Officiellement né à la charnière des années 1950-1960, dans le cadre de la New York Correspondence School of Art de Ray Johnson (1927-1995), dans le sillage du phénomène Fluxus et de ses nombreuses remises en question artistiques ainsi que du Nouveau Réalisme français, le mail-art – qui voit ses « préceptes » notamment enracinés dans les démarches avant-gardistes du début du 20e siècle européen – utilise spécifiquement le courrier postal en ses composantes et services, à la fois comme support de création et comme moyen de diffusion. Alors alternatif et activiste, positionné d’emblée « à côté » des canaux traditionnels de monstration et de vente d’œuvres d’art, cette tendance (cette « rivière » comme devait la nommer Ray Johnson) est un espace-temps parallèle de liberté totale. Transgressif, critique, parfois aux confins de la légalité, il est le lieu de toutes les approches et postures possibles.

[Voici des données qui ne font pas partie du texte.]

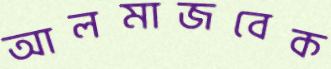
আলমাজবেক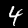
Digit: 4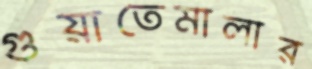
গুয়াতেমালার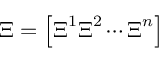
\boldsymbol \Xi = \left[ \boldsymbol \Xi ^ { 1 } \boldsymbol \Xi ^ { 2 } \cdots \boldsymbol \Xi ^ { n } \right]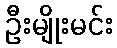
ဦးမျိုးမင်း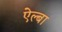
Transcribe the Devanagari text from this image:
ऐल्बा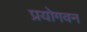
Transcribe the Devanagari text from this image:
प्रयोगवन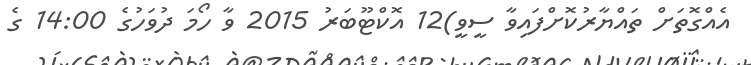
އެއްގޮތަށް ތައްޔާރުކޮށްފައިވާ ސީވީ)12 އޮކްޓޫބަރު 2015 ވާ ހޯމަ ދުވަހުގެ 14:00 ގެ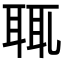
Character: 𦕿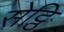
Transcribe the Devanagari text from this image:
सेट्ठि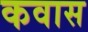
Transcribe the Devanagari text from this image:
कवास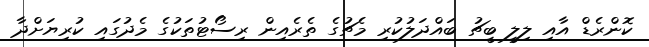
ކޮންރެޑް އާއި ލިލީ ބީޗު ބައްދަލުކުރި މެޗުގެ ތެރެއިން ރިސޯޓުތަކުގެ މެދުގައި ކުރިޔަށްދާ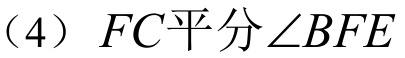
（4）\(FC平分\angle BFE\)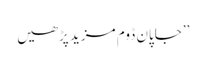
’’جاپان ڈوم مزید پڑھیں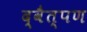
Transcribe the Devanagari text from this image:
द्वैत्पण

Aujourd’hui, même s’il a depuis longtemps pénétré les Institutions où il a été organisé en collections, fait l’objet d‘inventaires et d’archivages d’envergure, d’expositions et de publications catalographiques raisonnées, le mail-art continue de s’épanouir, au fil de rencontres hasardeuses, d’échanges spontanés entre artistes ou appels sur les plateformes dédiées. En cela, fort heureusement, cet art de la correspondance semble parvenir à préserver, « en dehors » des réseaux officiels, sa nature spontanément libertaire et contestataire, son champ d’application échappant par ailleurs ainsi aux éventuelles tentatives de circonscription. La présente exposition sera donc perçue comme l’occasion, encore rare, de découvrir l’univers « marginal » du mail-art, et ce en dehors de toute acception mercantile, ce qui est passablement exceptionnel au sein d’une galerie que pour être souligné.

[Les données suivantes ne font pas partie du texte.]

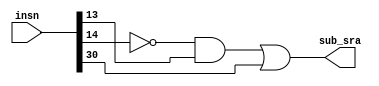
/* Mdulo para decodificao de instrues do tipo R de acordo com
o ISA do risc-v. O mdulo recebe a instruo e retorna todas as sadas relevantes a serem enviadas ao circuito */
module decoder_r_insn (
  input wire [31:0] insn, // instruo de 32 bits
  output wire sub_sra // controle de adio/subtrao e de logical/arithmetic shift
);

  assign sub_sra = ((~insn[14]) & insn[13]) | insn[30]; 
  // Est codificada no segundo bit mais signifcativo da instruo, e tambm dever ser 1 caso a instruo necessite de uma comparao

endmodule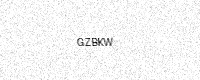
Text: GZBKW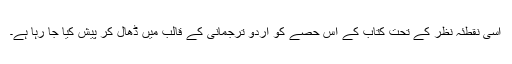
اسی نقطئہ نظر کے تحت کتاب کے اس حصے کو اردو ترجمانی کے قالب میں ڈھال کر پیش کیا جا رہا ہے۔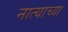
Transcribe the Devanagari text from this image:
नात्याच्या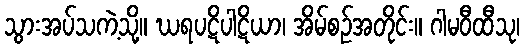
သွားအပ်သကဲ့သို့။ ဃရပဋိပါဋိယာ၊ အိမ်စဉ်အတိုင်း။ ဂါမဝီထီသု၊

Thierry Tillier (Charleroi, 1957) qui, depuis la Belgique au début des années 1970, s’illustre dans cette mouvance internationale, en est toujours aujourd’hui l’une des figures marquantes.
Collagiste-cartographe épris de liberté, foncièrement engagé, féru d’ésotérisme, d’occultisme, il saisit à bras le corps les images qui nous entourent, nous submergent, vouées à une perte de sens programmée. Ses collages – innombrables propositions énigmatiques, mêlant poésie visuelle (au sens propre des termes) et critique sociale dans une esthétique volontiers érotique – sont tout autant interfaces entre lui et le monde, actes de résistance, que reflets kaléidoscopiques de notre société. Connecté, rivé au monde, si Thierry Tillier est l’héritier – statut qu’il ne revendique pas – d’une tradition du collage vieille de plus d’un siècle, il est surtout et avant tout un artiste soucieux d’être utile aujourd’hui.
Dès lors, il choisit, trie, coupe, déchire, taille dans le vif, recouvre, découvre et déploie son univers de papier à la barbe d’un monde complexe qui l’inspire. Les images dont il se joue se divisent, se multiplient, et les niveaux de lecture se superposent, encore et encore, entraînant le spectateur d’abord séduit, puis fasciné, troublé, vers toujours plus de sens et de remises en question. Ainsi, ancré dans une société dont il perçoit les écueils, Tillier, avec ses collages, nous ouvre tout à la fois les portes de son « enfer intérieur » (dont il cherche d’évidence à se libérer) et la voie vers un questionnement toujours salutaire.
Dans ce contexte, la dynamique collective du réseau, de la communication, de l’échange et du partage, caractéristique du mail-art et la liberté d’expression qui le sous-tend, échappant à tout contrôle ou jugement, semble le nourrir. Ainsi, cet appel Mail-art dans les Limbes serait-il une autre façon, pour lui, de prendre le pouls du monde, mais aussi d’agir et de le faire savoir ?
Quant à la référence aux Limbes, une fois encore elle est absconde, comme les aime Thierry, en lien direct avec un univers qui lui est propre et qu’il ne nous revient pas de spoiler ici (même si l’envie nous en prenait) puisque lui-même la dit « cachée ». Découvre donc qui pourra ou voudra. Non pas qu’il s’agisse là d’une énigme à résoudre mais sans doute d’un niveau de lecture supplémentaire à prendre en compte, fût-ce dans son incompréhension.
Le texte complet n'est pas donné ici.